DOI: 10.1136/flgastro-2025-103569 ISSN: 2041-4137

Management of gastric neoplasia

Sonmoon Mohapatra, Robert Klimkowski, Ashutosh Mohapatra, Massimiliano di Pietro

Despite a decreasing incidence, gastric cancer remains the sixth most common cancer and the third most common cause of cancer-related death worldwide, underscoring the importance of early diagnosis to enable curative treatment. Most gastric cancers are preceded by pre-cancerous conditions, including chronic atrophic gastritis and gastric intestinal metaplasia, with Helicobacter pylori infection and autoimmunity being the strongest pathogenetic factors. Increasing quality of endoscopy systems along with widespread availability of image-enhanced and magnification endoscopy have significantly improved our chances of early detection and have created opportunities to predict the pathological features of premalignant conditions and early malignant lesions.
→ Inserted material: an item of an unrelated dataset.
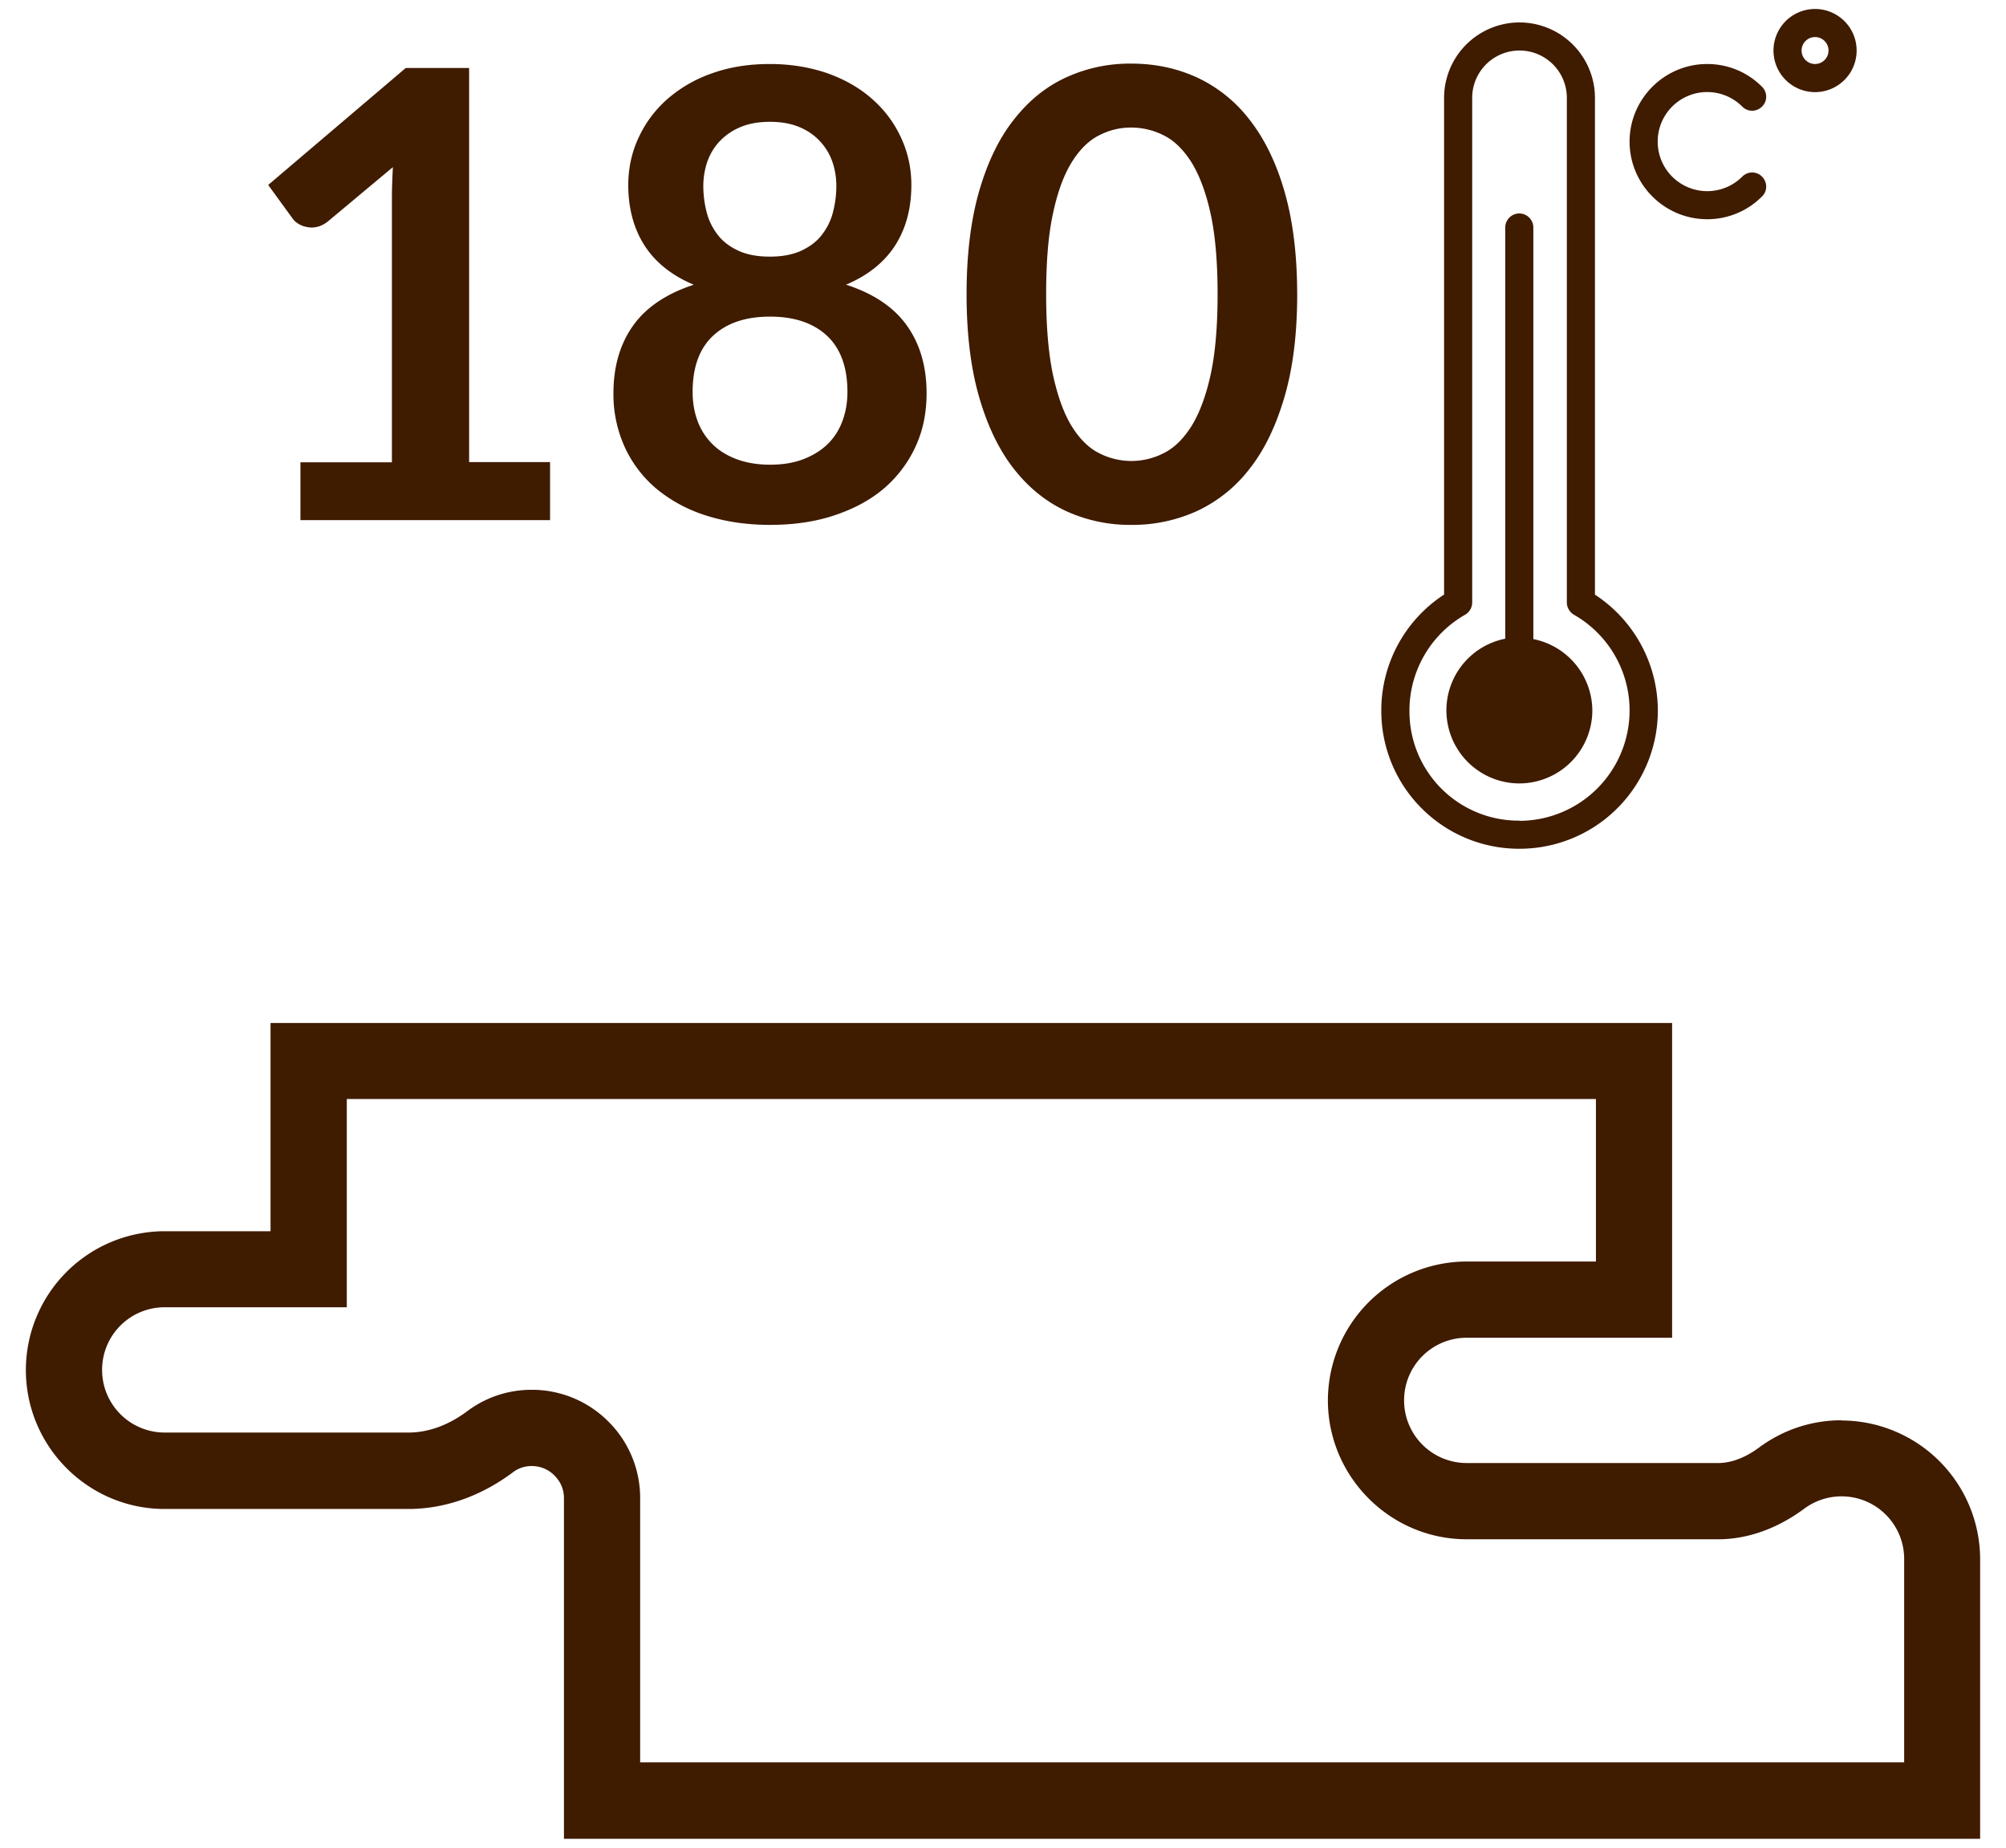 <?xml version="1.0" encoding="UTF-8"?> <svg xmlns="http://www.w3.org/2000/svg" width="76" height="70" fill="none"><g clip-path="url(#a)"><path fill="#3F1B00" d="M69.77 53.807c-1.14 0-2.212.36-3.12 1.028-.36.27-.93.592-1.552.592h-9.532a2.372 2.372 0 0 1-2.37-2.377 2.37 2.37 0 0 1 2.37-2.37h7.784V38.755h-53.1v7.89H6.239A5.264 5.264 0 0 0 .98 51.902c0 2.895 2.355 5.265 5.258 5.265h9.24c1.365 0 2.737-.48 3.952-1.387.143-.113.39-.24.713-.24.442 0 .735.225.863.36.165.165.36.442.36.862v12.9H75.02v-10.59a5.264 5.264 0 0 0-5.257-5.257l.007-.008ZM6.239 49.525h6.9v-7.89h47.325v6.157h-4.898a5.269 5.269 0 0 0-5.257 5.258c0 2.895 2.362 5.265 5.258 5.265h9.532c1.11 0 2.243-.405 3.263-1.163a2.372 2.372 0 0 1 3.78 1.905v7.71H24.253V56.755a4.074 4.074 0 0 0-1.207-2.903 4.085 4.085 0 0 0-2.903-1.2c-.885 0-1.725.278-2.43.803-.72.54-1.492.817-2.235.817h-9.24a2.372 2.372 0 0 1-2.37-2.377 2.37 2.37 0 0 1 2.37-2.37Zm54.188-27V3.707A2.862 2.862 0 0 0 57.568.85a2.862 2.862 0 0 0-2.857 2.857v18.818a5.237 5.237 0 0 0-2.378 4.477 5.215 5.215 0 0 0 1.56 3.653 5.209 5.209 0 0 0 3.682 1.5 5.24 5.24 0 0 0 5.235-5.235 5.26 5.26 0 0 0-2.377-4.388l-.008-.007Zm-2.858 8.565a4.137 4.137 0 0 1-4.17-4.103 4.182 4.182 0 0 1 2.107-3.697.539.539 0 0 0 .27-.465V3.707a1.792 1.792 0 1 1 3.586 0v19.118c0 .187.105.367.27.465a4.175 4.175 0 0 1 2.107 3.63 4.183 4.183 0 0 1-4.178 4.177l.008-.007Zm5.235-25.725a1.876 1.876 0 0 0 3.203 1.327c.21-.21.547-.21.75 0 .21.21.21.548 0 .75a2.916 2.916 0 0 1-2.078.863c-1.62 0-2.94-1.32-2.94-2.94 0-1.62 1.32-2.94 2.94-2.94.788 0 1.523.307 2.078.862.21.21.21.548 0 .75a.525.525 0 0 1-.75 0 1.876 1.876 0 0 0-3.203 1.327ZM68.766.34a1.575 1.575 0 1 0 0 3.15 1.575 1.575 0 0 0 0-3.15Zm0 2.085a.51.51 0 1 1 0-1.021.51.51 0 0 1 0 1.02Zm-8.438 24.487a2.77 2.77 0 0 1-2.768 2.768 2.768 2.768 0 0 1-.532-5.483V8.62c0-.293.24-.533.532-.533.293 0 .533.24.533.533v15.592a2.776 2.776 0 0 1 2.235 2.715v-.015ZM20.84 17.515v2.19h-9.457v-2.19h3.465V7.547c0-.397.015-.802.037-1.215l-2.46 2.055c-.142.113-.285.18-.42.21a.856.856 0 0 1-.39 0 .881.881 0 0 1-.322-.127.667.667 0 0 1-.21-.195l-.922-1.268 5.212-4.432h2.4v14.932h3.075l-.008.008Zm11.22-6.728c1.043.338 1.808.855 2.303 1.553.495.697.742 1.552.742 2.557 0 .758-.142 1.44-.434 2.055a4.611 4.611 0 0 1-1.208 1.575c-.517.435-1.148.765-1.875 1.005-.728.24-1.538.353-2.415.353s-1.688-.12-2.415-.353a5.55 5.55 0 0 1-1.875-1.005 4.52 4.52 0 0 1-1.207-1.575 4.824 4.824 0 0 1-.435-2.055c0-1.005.247-1.86.742-2.557.495-.698 1.267-1.215 2.302-1.553-.825-.345-1.447-.84-1.86-1.477-.412-.638-.622-1.41-.622-2.303 0-.645.135-1.252.398-1.807.262-.563.63-1.05 1.102-1.463a5.136 5.136 0 0 1 1.695-.967c.66-.233 1.38-.345 2.168-.345.787 0 1.507.12 2.167.345.66.232 1.223.555 1.695.967.473.413.84.9 1.102 1.463.263.562.398 1.162.398 1.807 0 .9-.21 1.665-.622 2.303-.413.637-1.035 1.132-1.86 1.477h.014Zm-2.887 6.818c.48 0 .9-.068 1.268-.21.367-.143.667-.33.915-.57.247-.24.434-.533.562-.878.127-.345.188-.705.188-1.102 0-.938-.263-1.65-.78-2.13-.518-.48-1.238-.72-2.153-.72s-1.635.24-2.152.72c-.518.48-.78 1.192-.78 2.13 0 .397.06.757.187 1.102.127.345.315.63.563.878.247.247.555.435.915.57.36.135.787.21 1.267.21Zm0-12.99c-.435 0-.81.067-1.125.202a2.298 2.298 0 0 0-.787.54c-.21.225-.36.48-.465.773a2.9 2.9 0 0 0-.15.922c0 .323.044.668.127.99.082.323.225.6.42.855.195.255.457.45.78.6.323.15.72.225 1.193.225.472 0 .87-.075 1.192-.225.322-.15.585-.345.78-.6.195-.255.337-.532.42-.855.082-.322.128-.645.128-.99a2.8 2.8 0 0 0-.15-.922 2.195 2.195 0 0 0-1.245-1.313c-.316-.135-.69-.202-1.125-.202h.007Zm19.973 6.532c0 1.493-.158 2.783-.48 3.885-.323 1.103-.758 2.01-1.32 2.723a5.363 5.363 0 0 1-1.995 1.605 5.883 5.883 0 0 1-2.49.525 5.791 5.791 0 0 1-2.475-.525c-.758-.353-1.418-.885-1.98-1.605-.563-.72-.998-1.628-1.313-2.723-.315-1.095-.473-2.392-.473-3.885 0-1.492.158-2.79.473-3.892.315-1.095.75-2.003 1.313-2.715.562-.72 1.215-1.253 1.98-1.605a5.791 5.791 0 0 1 2.474-.525c.893 0 1.718.172 2.49.525a5.363 5.363 0 0 1 1.995 1.605c.563.72 1.005 1.62 1.32 2.715.316 1.095.48 2.392.48 3.892Zm-3.016 0c0-1.237-.09-2.265-.27-3.075-.18-.81-.427-1.455-.727-1.935-.308-.48-.653-.817-1.05-1.012a2.723 2.723 0 0 0-1.23-.293c-.428 0-.825.098-1.208.293-.39.195-.735.532-1.035 1.012-.3.48-.54 1.125-.712 1.935-.18.81-.263 1.838-.263 3.075 0 1.238.09 2.265.263 3.075.18.81.412 1.455.712 1.935s.645.818 1.035 1.013a2.677 2.677 0 0 0 2.438 0c.398-.195.742-.533 1.05-1.013.3-.48.547-1.125.727-1.935.18-.81.27-1.837.27-3.075Z"></path></g><defs><clipPath id="a"><path fill="#fff" d="M.98.347h74.04v69.308H.98z"></path></clipPath></defs></svg>

Over the past two decades, there has been a paradigm shift in the management of early gastric cancer, with expanding indications for organ-sparing treatments, particularly endoscopic submucosal dissection. En bloc resection allows precise staging and risk stratification based on depth of invasion, grade of differentiation and presence of lymph-vascular invasion, thereby allowing tailored treatment. Looking ahead, future advancements are likely to include opportunities for broader screening through blood-based technologies, improved detection with artificial intelligence and more refined risk stratification using molecular biomarkers.